*INSTRUCTIONS TO FOLLOW:*
If an entry holds a picture, drop the picture but restate the entry word for word.

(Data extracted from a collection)
↓

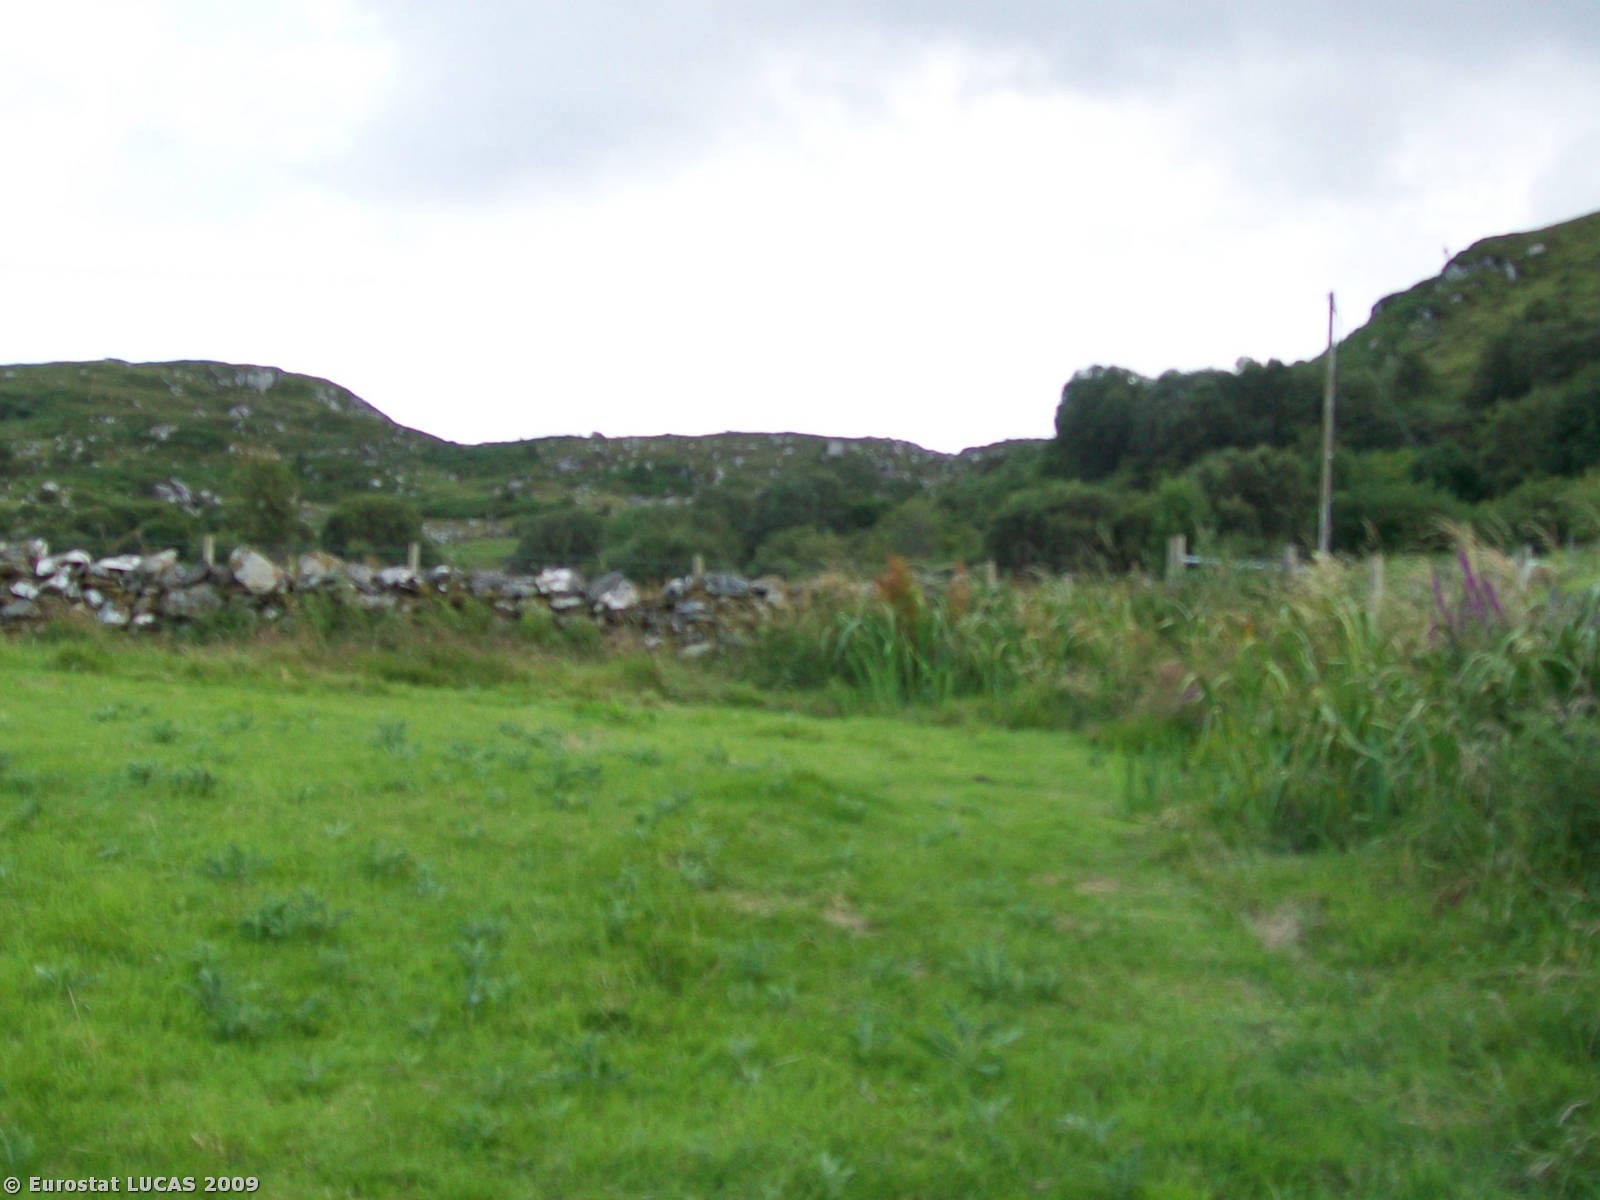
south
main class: Grassland
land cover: Grassland without tree/shrub cover
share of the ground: > 75 %
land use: Agriculture (excluding fallow land and kitchen gardens)
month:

↑

*THE ANSWER:*
south
main class: Grassland
land cover: Grassland without tree/shrub cover
share of the ground: > 75 %
land use: Agriculture (excluding fallow land and kitchen gardens)
month:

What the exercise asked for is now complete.